Tokenized U.S. Treasuries Surge to Record $4.2B as Crypto Investors Seek Stability
Ondo Finance, BlackRock-Securitize, and Superstate saw the most growth among major issuers, while Hashnote’s USYC declined.
As the crypto market experienced a widespread correction in recent weeks, investors turned to tokenized U.S. Treasury products as a safe haven.
Since late January, the total market capitalization of Treasury-backed tokens has surged by $800 million, reaching a new all-time high of $4.2 billion, according to data from rwa.xyz.
Ondo Finance (ONDO), a leading real-world asset (RWA) platform, saw its OUSG and USDY tokens—backed by short-term bonds—climb nearly 53% in market value, bringing their combined total close to $1 billion. Meanwhile, BUIDL, the token issued through a collaboration between asset management giant BlackRock and tokenization firm Securitize, rose 25% to surpass $800 million. Franklin Templeton’s BENJI token expanded to $687 million, a 16% increase, while Superstate’s USTB soared 63% to reach $363 million.

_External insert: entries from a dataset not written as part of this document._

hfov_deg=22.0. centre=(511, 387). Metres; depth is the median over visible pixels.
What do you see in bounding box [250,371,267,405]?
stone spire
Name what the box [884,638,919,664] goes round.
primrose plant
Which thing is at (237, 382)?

However, not all issuers saw gains. Hashnote’s USYC token dropped over 20% to $900 million, largely due to the struggles of DeFi protocol Usual. The token serves as the primary backing asset for Usual’s USD0 stablecoin, which has seen its supply shrink from a January peak of $1.8 billion to under $1 billion.
“The recent surge in tokenized treasuries highlights a flight to quality, mirroring traditional markets where investors shift from equities to U.S. Treasuries during economic downturns,” said Brian Choe, head of research at rwa.xyz, in a statement to CoinDesk.

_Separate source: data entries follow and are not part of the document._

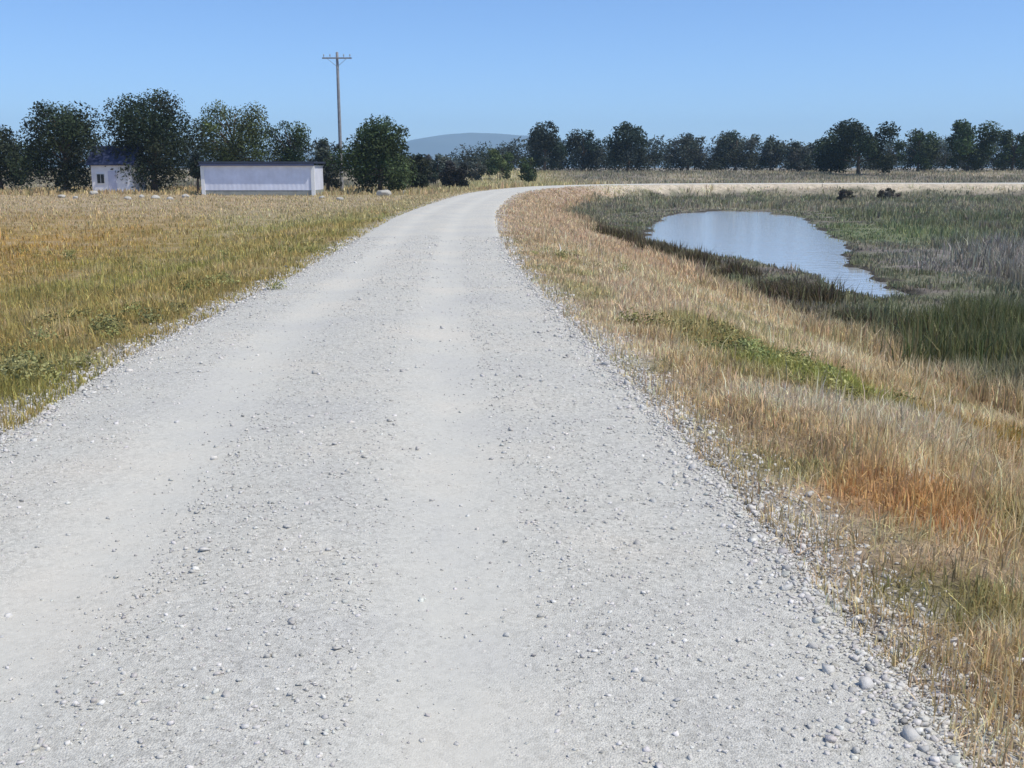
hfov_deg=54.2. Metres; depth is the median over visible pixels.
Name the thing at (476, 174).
shrub
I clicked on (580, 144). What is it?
tree
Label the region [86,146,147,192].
hut
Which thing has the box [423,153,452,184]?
shrub
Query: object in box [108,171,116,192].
door
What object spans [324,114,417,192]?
tree
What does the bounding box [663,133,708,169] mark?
tree
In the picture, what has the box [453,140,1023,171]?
thicket
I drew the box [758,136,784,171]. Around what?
tree
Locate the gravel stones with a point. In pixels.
(908, 733)
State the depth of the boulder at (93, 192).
79.32 m
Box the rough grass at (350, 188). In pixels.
[0,169,1023,195]
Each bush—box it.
[836,189,854,201]
[876,187,900,198]
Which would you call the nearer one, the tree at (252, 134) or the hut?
the hut
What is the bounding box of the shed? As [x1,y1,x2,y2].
[198,161,325,195]
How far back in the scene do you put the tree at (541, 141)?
166.76 m
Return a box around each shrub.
[405,154,431,189]
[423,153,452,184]
[438,160,469,187]
[457,156,487,180]
[485,148,513,179]
[518,157,536,181]
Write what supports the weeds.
on the ground at (670, 190)
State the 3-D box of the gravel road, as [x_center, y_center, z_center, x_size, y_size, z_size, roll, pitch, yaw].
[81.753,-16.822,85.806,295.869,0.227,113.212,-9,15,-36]
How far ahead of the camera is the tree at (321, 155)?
87.51 m
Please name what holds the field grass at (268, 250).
on the ground at (670, 190)
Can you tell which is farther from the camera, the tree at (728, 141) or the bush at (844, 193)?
the tree at (728, 141)
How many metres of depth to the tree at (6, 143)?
90.34 m
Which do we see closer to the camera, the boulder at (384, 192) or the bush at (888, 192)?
the boulder at (384, 192)
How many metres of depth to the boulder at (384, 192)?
76.38 m
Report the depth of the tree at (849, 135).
154.62 m
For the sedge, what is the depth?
23.09 m
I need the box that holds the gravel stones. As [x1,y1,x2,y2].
[0,235,1023,767]
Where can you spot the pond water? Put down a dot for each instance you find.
(781, 241)
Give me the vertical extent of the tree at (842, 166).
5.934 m
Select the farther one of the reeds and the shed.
the shed
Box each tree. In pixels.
[0,124,31,189]
[5,99,106,191]
[94,88,205,191]
[186,152,202,192]
[188,99,279,160]
[262,120,312,160]
[307,137,342,191]
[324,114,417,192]
[527,120,567,172]
[563,129,604,171]
[602,121,649,171]
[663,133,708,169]
[712,130,760,170]
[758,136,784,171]
[783,140,817,171]
[812,118,900,174]
[813,137,851,172]
[892,128,942,171]
[944,118,1002,171]
[993,129,1023,169]
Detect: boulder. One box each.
[89,191,97,194]
[376,190,391,195]
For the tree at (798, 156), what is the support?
on the ground at (670, 190)
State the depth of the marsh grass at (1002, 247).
33.03 m
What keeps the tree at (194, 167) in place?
on the ground at (670, 190)
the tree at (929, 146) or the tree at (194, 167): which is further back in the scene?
the tree at (929, 146)
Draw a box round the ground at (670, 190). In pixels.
[0,168,1023,766]
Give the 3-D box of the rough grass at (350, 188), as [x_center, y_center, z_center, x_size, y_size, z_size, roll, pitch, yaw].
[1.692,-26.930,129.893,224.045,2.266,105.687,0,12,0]
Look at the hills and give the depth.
4649.56 m
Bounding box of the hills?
[41,133,1020,167]
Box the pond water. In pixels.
[644,211,908,296]
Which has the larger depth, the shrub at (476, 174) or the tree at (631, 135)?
the tree at (631, 135)
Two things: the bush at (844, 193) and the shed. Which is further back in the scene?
the bush at (844, 193)
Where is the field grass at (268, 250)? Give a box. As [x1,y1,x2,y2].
[0,188,502,434]
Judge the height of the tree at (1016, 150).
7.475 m
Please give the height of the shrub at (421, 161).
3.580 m
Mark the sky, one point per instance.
(794, 70)
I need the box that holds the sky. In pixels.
[0,0,1023,151]
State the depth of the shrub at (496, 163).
136.13 m
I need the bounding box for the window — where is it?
[96,173,104,183]
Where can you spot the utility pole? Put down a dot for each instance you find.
(337, 58)
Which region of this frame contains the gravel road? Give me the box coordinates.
[0,183,1023,767]
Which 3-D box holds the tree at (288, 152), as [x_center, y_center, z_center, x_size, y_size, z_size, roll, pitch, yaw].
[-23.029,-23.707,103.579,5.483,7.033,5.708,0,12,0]
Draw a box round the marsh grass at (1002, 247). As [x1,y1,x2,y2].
[553,184,1023,419]
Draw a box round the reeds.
[880,287,1023,374]
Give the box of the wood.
[7,134,1020,169]
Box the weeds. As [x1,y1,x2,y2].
[0,237,1023,436]
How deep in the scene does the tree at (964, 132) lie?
165.38 m
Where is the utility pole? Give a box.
[322,52,351,188]
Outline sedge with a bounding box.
[581,219,943,332]
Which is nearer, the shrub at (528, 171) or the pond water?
the pond water
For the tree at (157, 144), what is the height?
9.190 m
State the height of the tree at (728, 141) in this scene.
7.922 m
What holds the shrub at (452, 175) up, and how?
on the ground at (670, 190)
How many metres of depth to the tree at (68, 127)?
85.47 m

Choe compared the market cap trends of tokenized treasuries and stablecoins, noting that between November and January—when crypto markets were rallying—stablecoins outpaced treasury-backed assets. However, as the market turned bearish in February, the growth of tokenized treasuries accelerated beyond that of stablecoins.
“This suggests that instead of completely exiting the market, some investors are reallocating capital into lower-risk, yield-generating assets while waiting for better market conditions,” Choe added.